> MATERIAL SHOWN

:::

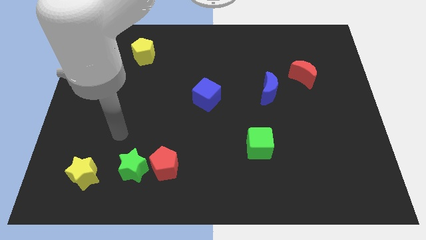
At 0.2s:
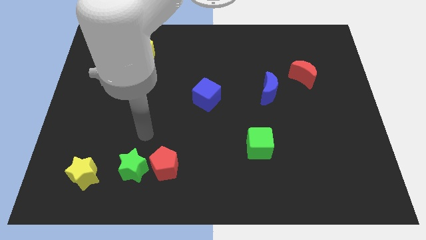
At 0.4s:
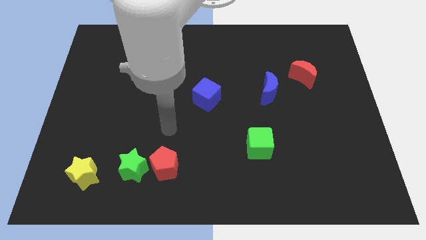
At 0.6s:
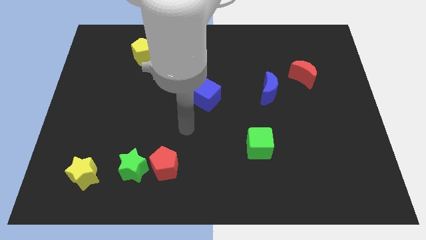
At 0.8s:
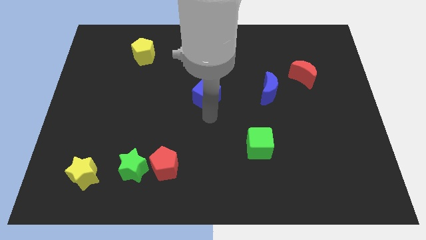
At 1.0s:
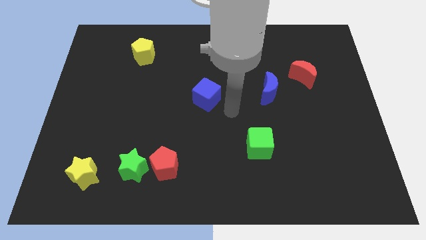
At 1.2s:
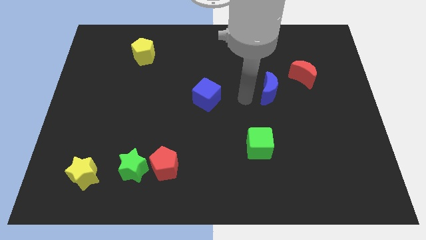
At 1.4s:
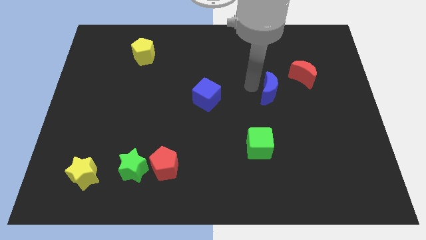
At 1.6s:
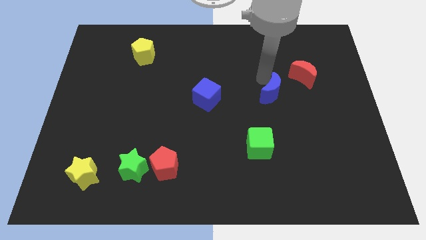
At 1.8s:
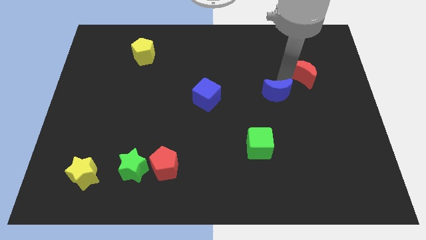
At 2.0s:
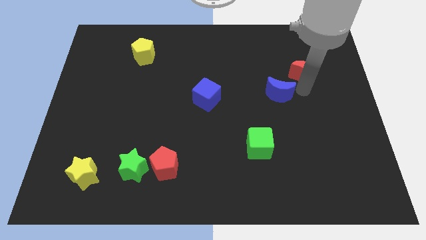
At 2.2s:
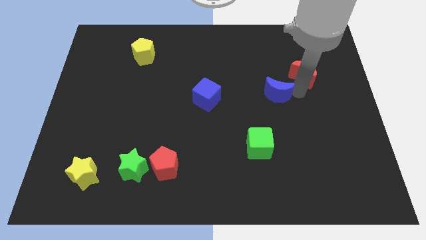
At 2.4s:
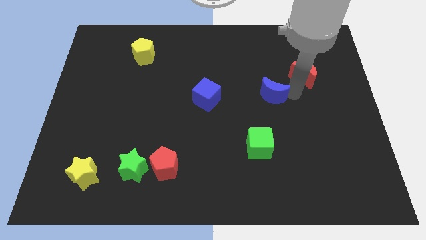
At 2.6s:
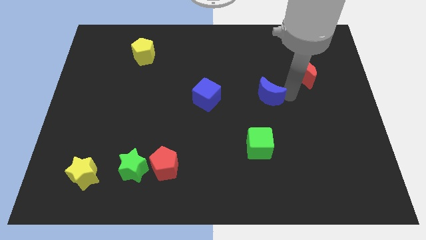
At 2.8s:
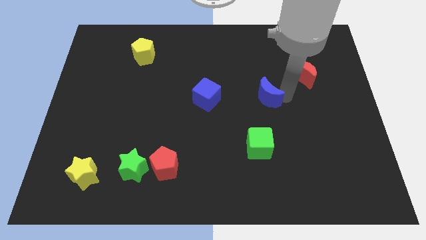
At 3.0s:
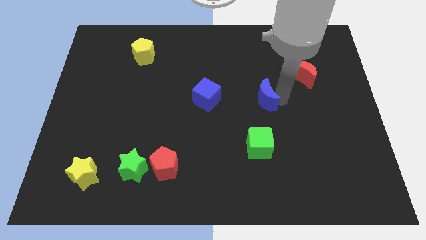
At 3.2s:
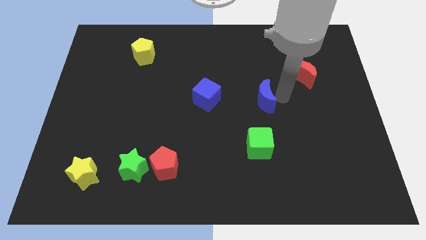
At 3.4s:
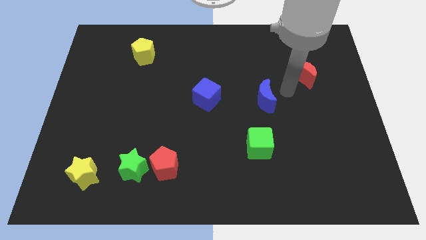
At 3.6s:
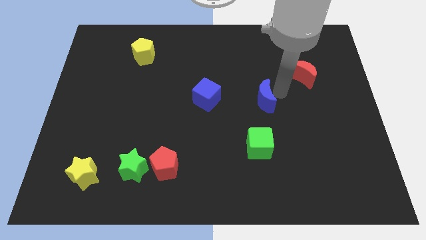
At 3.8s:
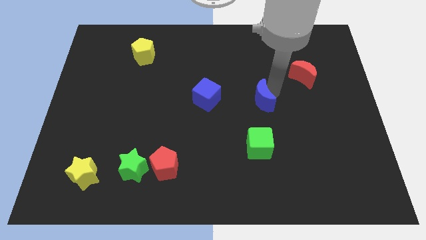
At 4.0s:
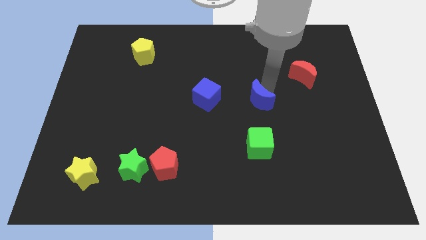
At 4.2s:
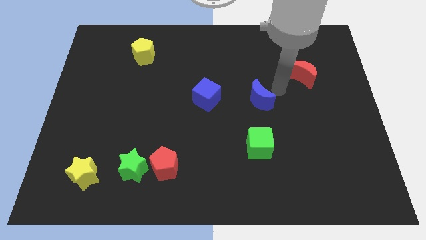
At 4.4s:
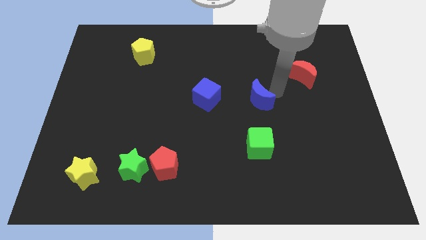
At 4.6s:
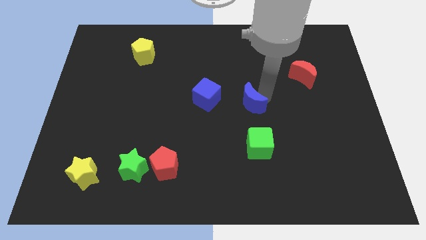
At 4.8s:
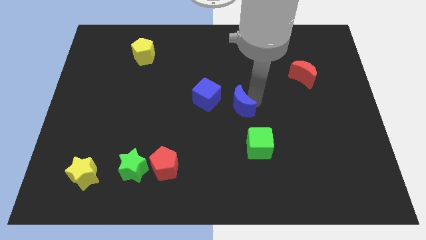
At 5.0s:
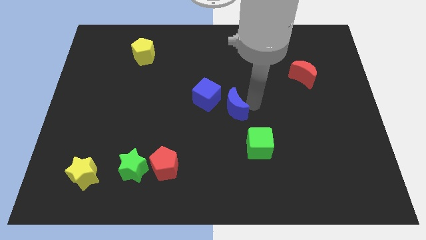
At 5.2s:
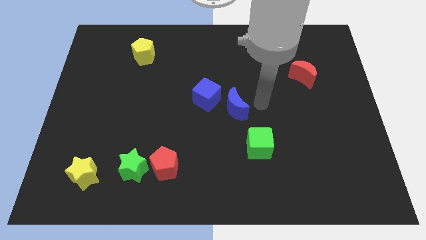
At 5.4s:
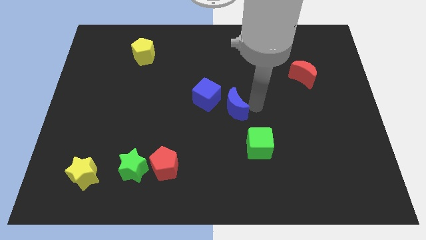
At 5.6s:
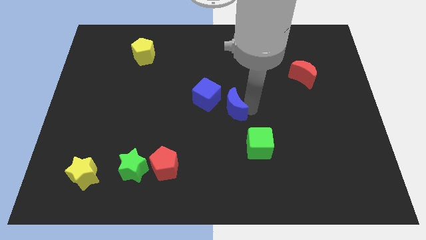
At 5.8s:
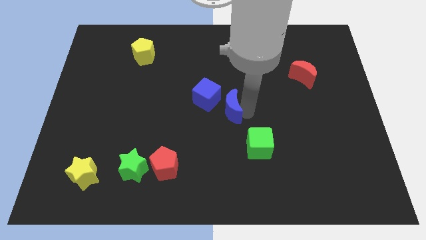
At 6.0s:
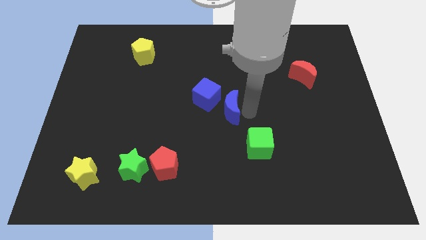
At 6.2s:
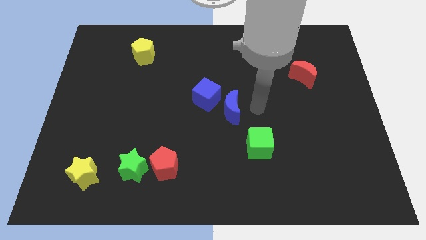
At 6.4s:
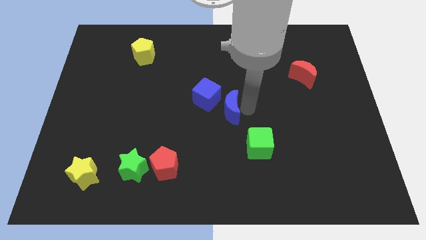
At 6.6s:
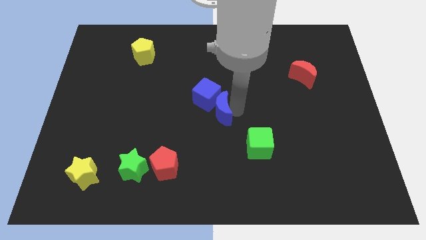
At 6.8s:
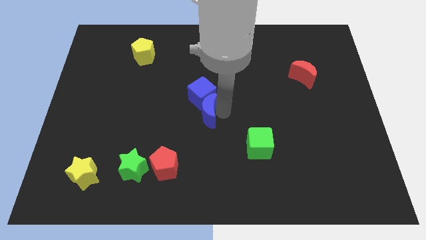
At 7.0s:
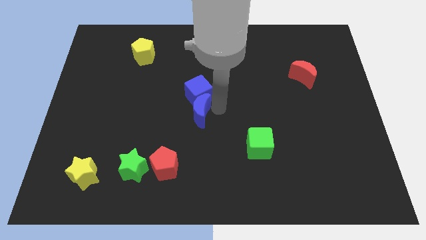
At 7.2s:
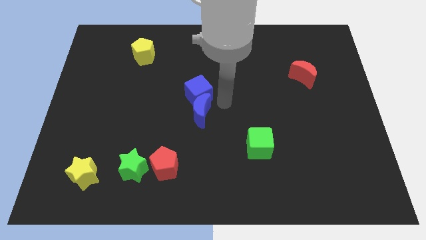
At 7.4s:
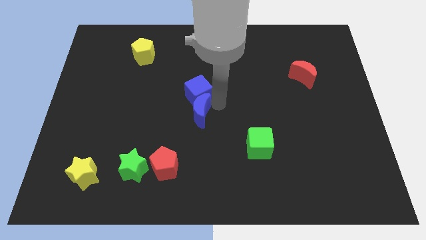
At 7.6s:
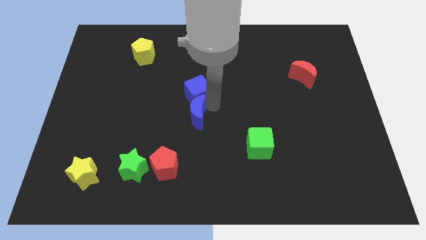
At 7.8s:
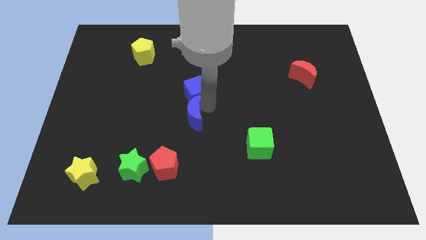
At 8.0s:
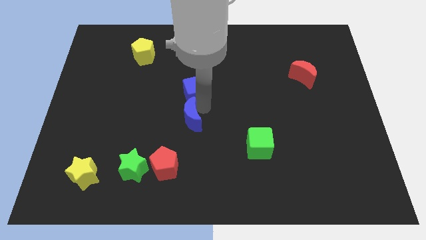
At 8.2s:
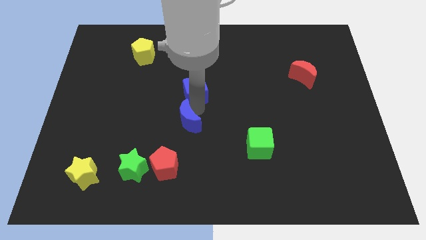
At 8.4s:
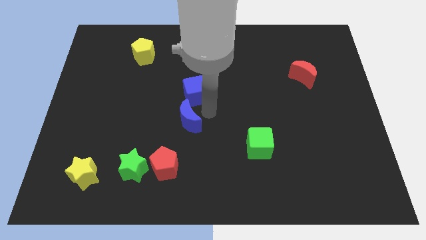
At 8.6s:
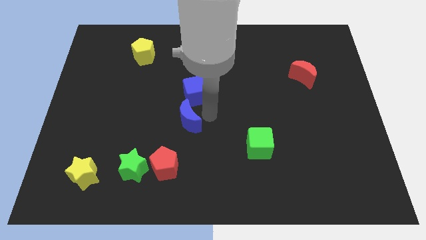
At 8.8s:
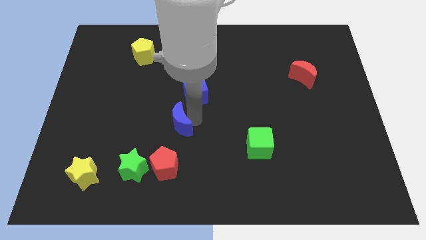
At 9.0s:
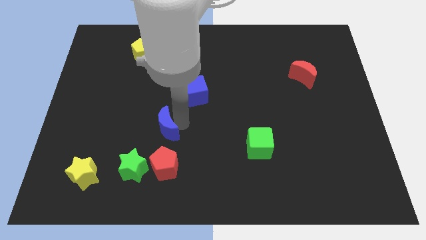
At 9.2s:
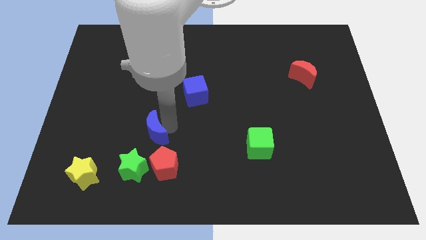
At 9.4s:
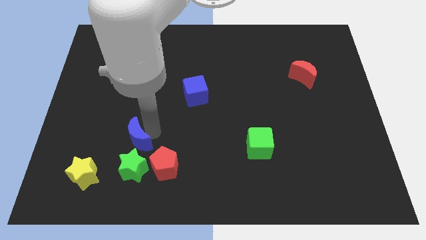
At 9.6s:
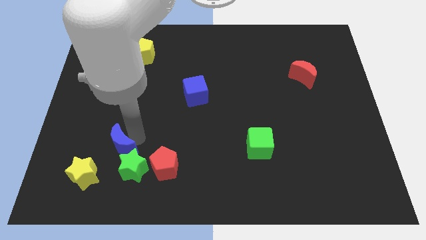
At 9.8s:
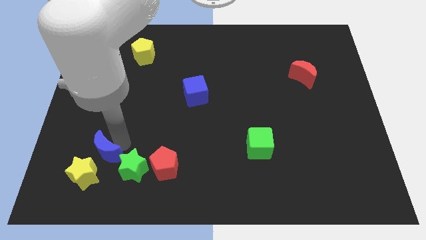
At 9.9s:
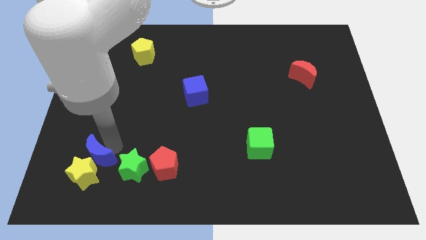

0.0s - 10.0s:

:::

> PROBLEM DESCRIPTION
Each record above must be retyped exactly as given, with the images excluded.

> TASK OUTPUT
At 0.2s:
At 0.4s:
At 0.6s:
At 0.8s:
At 1.0s:
At 1.2s:
At 1.4s:
At 1.6s:
At 1.8s:
At 2.0s:
At 2.2s:
At 2.4s:
At 2.6s:
At 2.8s:
At 3.0s:
At 3.2s:
At 3.4s:
At 3.6s:
At 3.8s:
At 4.0s:
At 4.2s:
At 4.4s:
At 4.6s:
At 4.8s:
At 5.0s:
At 5.2s:
At 5.4s:
At 5.6s:
At 5.8s:
At 6.0s:
At 6.2s:
At 6.4s:
At 6.6s:
At 6.8s:
At 7.0s:
At 7.2s:
At 7.4s:
At 7.6s:
At 7.8s:
At 8.0s:
At 8.2s:
At 8.4s:
At 8.6s:
At 8.8s:
At 9.0s:
At 9.2s:
At 9.4s:
At 9.6s:
At 9.8s:
At 9.9s:

0.0s - 10.0s:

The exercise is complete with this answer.